Mas, afinal, porque se mostrou o BCE tão generoso? Tornou-se de repente amigo dos países em dificuldades?
Tudo para salvar o euro
O endividamento dos estados, empresas e famílias é hoje uma forma privilegiada de acumulação de capital, não só devido ao mecanismo dos juros, mas também à especulação que os grandes do mundo financeiro fazem com os títulos de dívida. Compram títulos aqui, vendem-nos acolá, e com este jogo perpétuo acabam realizando lucros extraordinários.
Ao intervir neste mercado para dar garantias aos compradores de dívida, o BCE teve sobretudo como objetivo assegurar que os títulos de dívida em euros não se depreciariam.
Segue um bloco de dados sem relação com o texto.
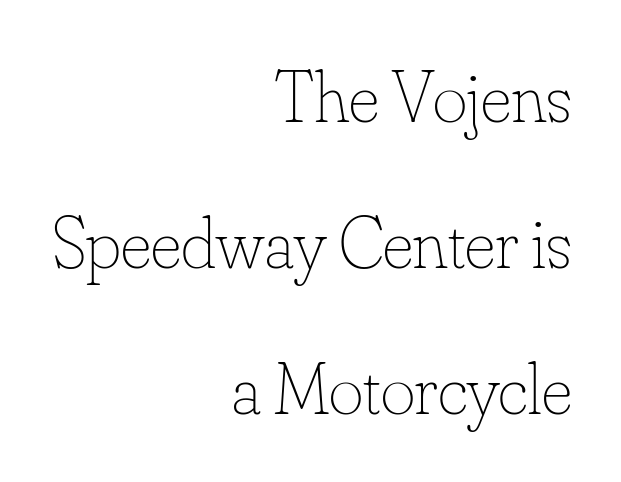
Does the copy run flush right? Yes — the right margin is perfectly even. This is roman type, the default non-slanted kind. Varying glyph widths throughout — classic text-font behaviour. Plain, unruled lines of type. The line texture is even and compact thanks to regular tracking. Stroke thickness stays within the range of a standard reading face or lighter.
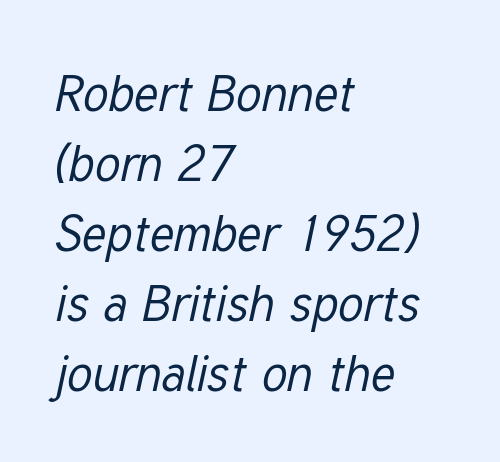
Every character sits at an angle, as italics do. Stems here are at most as thick as an everyday book face. The lines are quadded left. Note the varied advance widths — an 'i' is clearly narrower than an 'm'. The tracking reads as untouched default to a designer's eye. Regular leading.
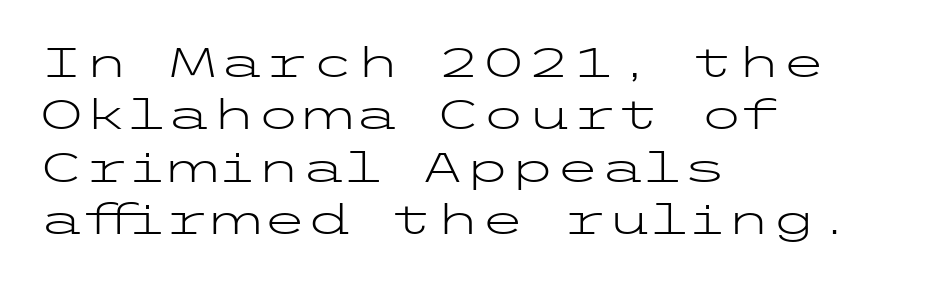
Q: Is the text bold? A: No.
Q: Is the text italic (slanted)? A: No, it is upright.
Q: Is the typeface a serif or a sans-serif typeface? A: Sans-serif.
Q: Is the text underlined? A: No.
Q: How is the paragraph aligned? A: Left-aligned.
Q: Is the spacing between letters normal or unusually wide? A: Normal.
Q: Is the spacing between lines tight, normal or loose? A: Normal.
Q: Width (condensed, normal, or wide)? A: Wide.
Q: Stroke contrast? A: Low.
Q: x-height? A: Medium.

Se a confiança dos tais credores caísse abruptamente, então eles iriam desfazer-se das suas carteiras de títulos em euros – provocando uma desvalorização geral do euro – e tenderiam a refugiar-se em moedas mais fortes (dólares, ienes, etc.).
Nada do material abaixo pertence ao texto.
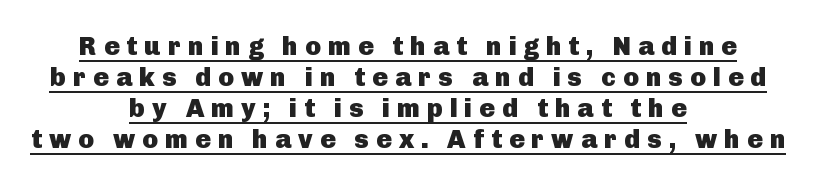
The image shows 26 px bold type, upright; set centered, line spacing 1.19x, unusually wide letter spacing (+0.27 em), underlined.
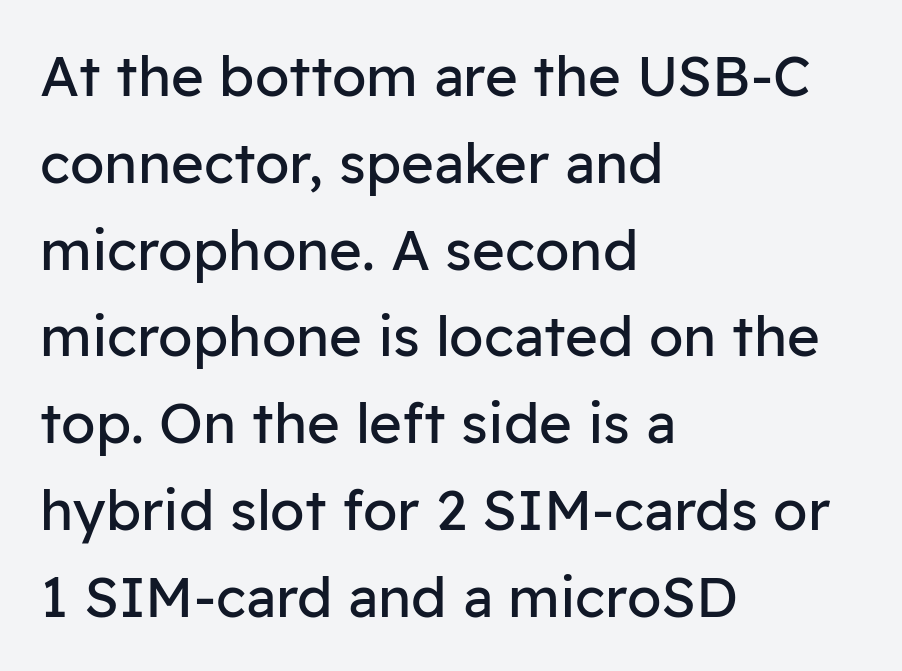
Rendered with straight, roman letterforms. Words appear dense and cohesive because spacing is normal. The space directly below the letters is spotless. The type family on display is of the sans-serif kind.
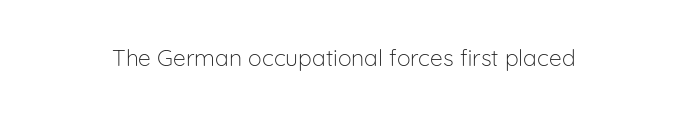
{"italic": "no", "bold": "no", "underline": "no", "letter_spacing": "normal", "letter_spacing_em": 0.0, "glyph_px": 23}
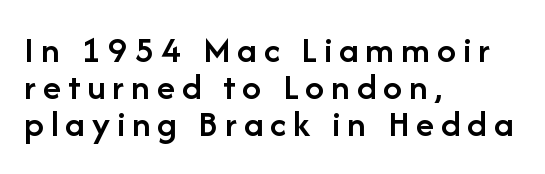
{"serif": "no", "italic": "no", "bold": "semi", "weight": "semibold", "width": "normal", "stroke_contrast": "low", "x_height": "medium", "monospaced": "no", "underline": "no", "align": "left", "line_spacing": "tight", "line_spacing_ratio": 0.98, "glyph_px": 38}

Por isso o BCE tomou medidas para garantir que a confiança no euro não se evapore (o que é um risco real face à cada vez maior dificuldade de os estados pagarem as suas dívidas) e que o euro continue a ser “atrativo” para o capital financeiro.
Foi esse o verdadeiro significado da intervenção do BCE no mercado da dívida, e não um qualquer impulso benemérito dirigido aos países sujeitos à austeridade…
Soberania é quando o povo mais ordena!
Afirmar que o regresso de Portugal aos mercados, ou seja, que a decisão do governo de continuar a endividar-se (mesmo que a juros mais favoráveis) é o mesmo que “recuperar a soberania financeira”, como titulava o DN, não lembra ao diabo… Soberania financeira é no mínimo o poder de emitir e gerir a sua moeda, coisa que o país não faz desde que aderiu ao euro. Soberania é não ter Bruxelas a dirigir a nossa economia, a mandar privatizar, fechar empresas e queimar produtos da terra e do mar, como acontece desde a adesão de Portugal à União Europeia (UE) em 1986. A verdadeira soberania é quando a economia está ao serviço das necessidades do povo, e não dos capitalistas que jogam na bolsa o dinheiro de todos nós.
Soberania é quando o povo mais ordena, e o povo português está farto de ter a vida “ordenada” pelos senhores da UE e do FMI!